» **Problem**
In the records below, find each line holding the word "Deus" and copy it.

********

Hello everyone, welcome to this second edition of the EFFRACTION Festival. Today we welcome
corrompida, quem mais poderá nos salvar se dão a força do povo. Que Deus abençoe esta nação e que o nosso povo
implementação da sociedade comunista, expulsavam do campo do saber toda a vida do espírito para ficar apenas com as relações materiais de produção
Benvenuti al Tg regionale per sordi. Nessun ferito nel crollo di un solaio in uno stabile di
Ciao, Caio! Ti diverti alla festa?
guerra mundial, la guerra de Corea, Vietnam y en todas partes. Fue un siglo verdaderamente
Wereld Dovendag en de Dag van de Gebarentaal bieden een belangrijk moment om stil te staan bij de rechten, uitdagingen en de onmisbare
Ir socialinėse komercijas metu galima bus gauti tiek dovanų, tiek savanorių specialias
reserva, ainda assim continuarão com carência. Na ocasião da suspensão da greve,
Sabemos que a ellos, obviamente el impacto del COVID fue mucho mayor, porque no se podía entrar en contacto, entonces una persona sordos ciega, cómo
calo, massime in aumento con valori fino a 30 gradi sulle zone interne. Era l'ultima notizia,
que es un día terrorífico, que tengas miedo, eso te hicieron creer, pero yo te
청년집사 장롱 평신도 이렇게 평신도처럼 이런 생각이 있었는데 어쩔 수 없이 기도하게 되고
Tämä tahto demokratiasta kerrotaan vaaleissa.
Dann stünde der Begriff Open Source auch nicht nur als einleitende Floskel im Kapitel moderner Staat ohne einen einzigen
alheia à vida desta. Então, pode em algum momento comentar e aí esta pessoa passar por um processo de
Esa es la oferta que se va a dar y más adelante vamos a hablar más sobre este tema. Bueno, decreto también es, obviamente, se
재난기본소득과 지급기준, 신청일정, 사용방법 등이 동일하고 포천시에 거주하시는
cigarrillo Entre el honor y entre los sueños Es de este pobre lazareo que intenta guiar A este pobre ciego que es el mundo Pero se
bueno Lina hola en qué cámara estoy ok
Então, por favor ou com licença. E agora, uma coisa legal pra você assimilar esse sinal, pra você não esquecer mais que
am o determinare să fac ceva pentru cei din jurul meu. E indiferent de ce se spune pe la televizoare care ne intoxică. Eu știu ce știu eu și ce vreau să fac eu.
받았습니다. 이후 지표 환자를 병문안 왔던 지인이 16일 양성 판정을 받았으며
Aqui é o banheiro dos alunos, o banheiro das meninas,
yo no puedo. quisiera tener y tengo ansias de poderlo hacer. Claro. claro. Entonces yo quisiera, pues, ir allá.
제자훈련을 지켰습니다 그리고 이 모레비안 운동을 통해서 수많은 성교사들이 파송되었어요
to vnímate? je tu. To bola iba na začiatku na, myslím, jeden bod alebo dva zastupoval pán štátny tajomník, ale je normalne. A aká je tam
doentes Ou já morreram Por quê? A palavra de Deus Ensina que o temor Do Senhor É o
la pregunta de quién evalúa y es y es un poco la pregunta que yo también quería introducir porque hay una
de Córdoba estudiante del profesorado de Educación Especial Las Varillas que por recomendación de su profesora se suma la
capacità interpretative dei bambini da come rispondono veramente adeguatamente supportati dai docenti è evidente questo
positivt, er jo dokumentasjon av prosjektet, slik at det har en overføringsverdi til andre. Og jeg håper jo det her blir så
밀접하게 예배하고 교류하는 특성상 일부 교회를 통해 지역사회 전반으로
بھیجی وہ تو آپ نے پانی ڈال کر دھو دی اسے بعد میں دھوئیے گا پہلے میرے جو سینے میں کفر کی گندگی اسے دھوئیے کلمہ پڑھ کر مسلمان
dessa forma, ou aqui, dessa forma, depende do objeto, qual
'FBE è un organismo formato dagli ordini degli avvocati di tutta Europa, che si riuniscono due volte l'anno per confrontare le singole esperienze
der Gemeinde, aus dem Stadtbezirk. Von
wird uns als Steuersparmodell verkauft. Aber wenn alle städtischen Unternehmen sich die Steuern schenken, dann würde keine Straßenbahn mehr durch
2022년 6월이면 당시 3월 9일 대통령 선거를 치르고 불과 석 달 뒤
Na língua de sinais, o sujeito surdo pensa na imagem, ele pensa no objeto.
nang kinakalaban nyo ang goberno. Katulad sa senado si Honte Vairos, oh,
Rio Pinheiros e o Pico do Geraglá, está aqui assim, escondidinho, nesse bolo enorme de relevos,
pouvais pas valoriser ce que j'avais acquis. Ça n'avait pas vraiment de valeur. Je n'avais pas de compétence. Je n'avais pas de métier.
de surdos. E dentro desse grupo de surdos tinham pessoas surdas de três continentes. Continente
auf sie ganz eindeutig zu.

********

» **Written solution**
corrompida, quem mais poderá nos salvar se dão a força do povo. Que Deus abençoe esta nação e que o nosso povo
doentes Ou já morreram Por quê? A palavra de Deus Ensina que o temor Do Senhor É o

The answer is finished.